Amazon clearly knows what they are doing. One reason why they’re so good is because they’ve been doing it for a while. Amazon has been selling stuff online since 1995. For reference, that was shortly after dinosaurs became extinct.

It wasn’t until 2001, however, that Amazon turned a profit. I guess it wasn’t easy pulling through the dot-com bubble. But turn a profit they did, and they’ve been turning heads ever since with their profit.

How did they do it?

With virtually no cognitive load, no friction, and no worries, customers can buy things off the site in a single click. Look at this — It’s their trademarked “1-Click.”

CTA hack by Amazon.com - One click

1-Click allows users who are signed in to buy items without going through the shopping cart!

If you know anything about conversion optimization, you know that the shopping cart is the single area of an e-commerce site that is fraught with danger, toil and snares. “Shopping cart abandonment” is the feared bugaboo of any e-commerce retailer.

What Amazon has effectively done is eliminated shopping cart abandonment by eliminating the shopping cart. Smart, yes?

It’s almost like the real-life shopping cart experience. Something catches your fancy, so you toss it in your cart. You forget about it. Later, at the checkout register you realize it’s in your cart, and the cashier has already rung it up. Too late. It’s genius, really.

In the CTA above, you’ll see two buttons. In most e-commerce settings, this would be a no-no. With Amazon, however, it’s a yes-yes. Why? Because it’s the 1-click button.

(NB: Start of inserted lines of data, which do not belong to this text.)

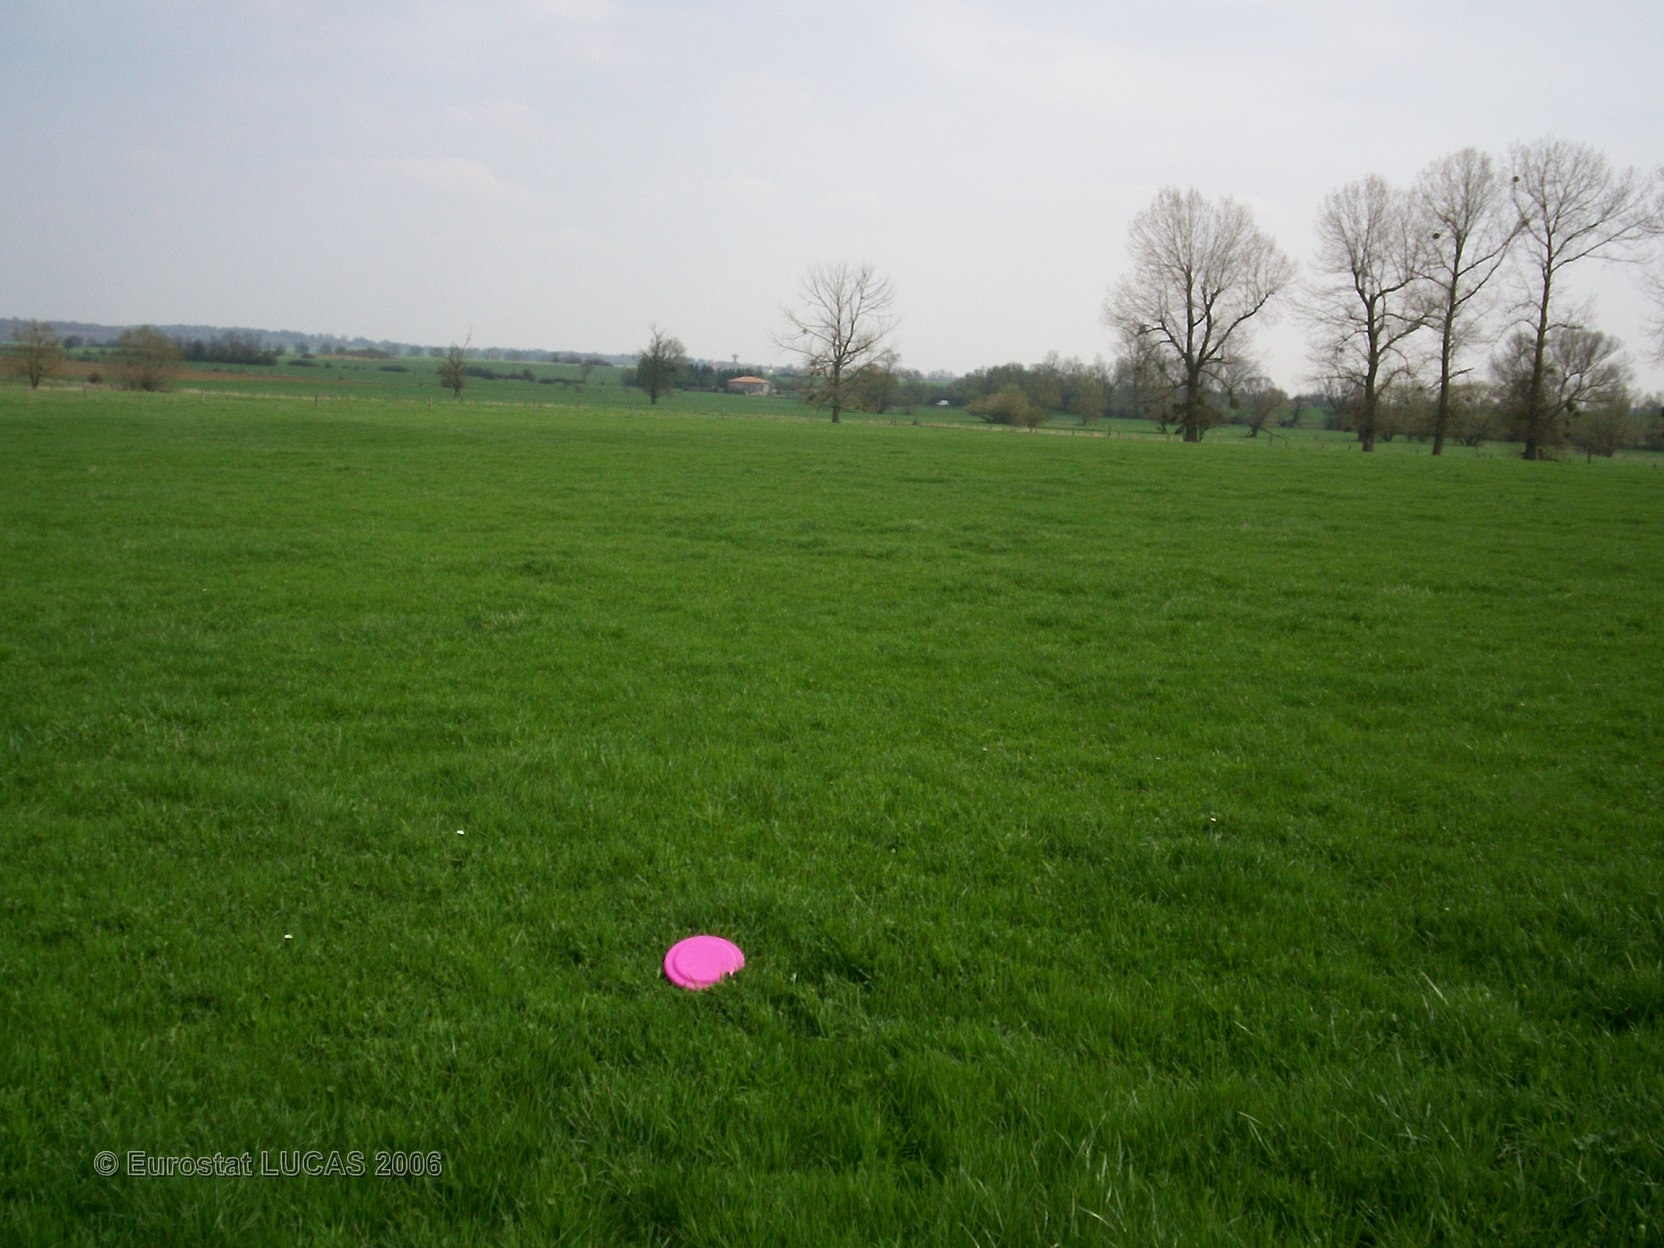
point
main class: Grassland
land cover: Grassland without tree/shrub cover
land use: Agriculture (excluding fallow land and kitchen gardens)
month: April
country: FR
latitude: 48.7780
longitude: 5.9035

Plus, their “buy now” button has several other features that invite it to be clicked:

  • The buy-now button is a darker shade of orange. This creates a stronger color contrast, which draws the eye toward it.
  • The word “now” has psychological appeal.
  • Numbers, especially the number 1, have psychological appeal.
  • The button is positioned in the center of the CTA box, meaning that the eye is more likely to be drawn to it.
  • The buy-now button is located in close proximity to the urgency signal (Order within 30 hours, 45 minutes) which increases the psychological tension to buy it now.

How You Can Increase Your Conversions

If you can create a “buy now” process, do it. If not, then learn from Amazon and make your shopping cart process unencumbered by extra steps and hassles.

CTA Hack No. 2: Trust Signals Everywhere

eBay

Revenue:  $16 billion

If you hang out with SEO people, you probably knew that eBay got nailed by a manual penalty, which means that they lost a lot of organic search volume. Too bad for them. But thankfully, in terms of revenue, eBay is not doing too badly. eBay is another one of those old-as-the-hills e-commerce companies. They, too, were born before the dot-com bubble, and came out stronger after it popped.

How did they do it?

One of eBay’s built-in challenges is trust. eBay is an auction site, allowing people to buy stuff from just anyone. In many cases, this obliterates any sense of trust that a consumer would have. Customers have questions:

  • Will I get my stuff?
  • Does this seller know what they’re doing?
  • How will they ship it?
  • When will it come?
  • Can I return it?
  • Am I getting a decent price?

In response, eBay has placed trust signals all around their CTA. They’ve had to pay for it in terms of UX. The page is noisy. There’s a lot of stuff going on here, which I believe could be streamlined for a less-jarring and more seamless route to conversion. Nonetheless, I’ve got to give them props for having trust signals. That’s clutch.

eBay.com CTA hack is placing trust signals all around their buttons.

Let me simply repeat the trust signals, so you get a sense of the sheer volume of this single portion of the screen:

  • Satisfaction guaranteed
  • Fast free shipping
  • 195 sold
  • Experienced seller
  • Hassle-free returns
  • 36% savings
  • Item location:  Long Island City, New York, United States
  • Delivery:  On or before Wed. Aug. 27
  • Estimated by eBay FAST ‘N FREE
  • Returns:  Hassle-free returns
  • Returns:  14 days money back or item exchange, you pay return shipping
  • Guarantee:  eBay MONEY BACK GUARANTEE
  • Guarantee:  Get the item you ordered or get your money back
  • Guarantee:  Covers your purchase price and original shipping
  • Seller information:  92897 [star symbol, “me” symbol]
  • Seller information:  99.3% positive feedback
  • Follow this seller
  • Visit store.

To further enhance the trustability of the CTA, eBay strategically uses blue buttons. The color blue has been shown to signal trust.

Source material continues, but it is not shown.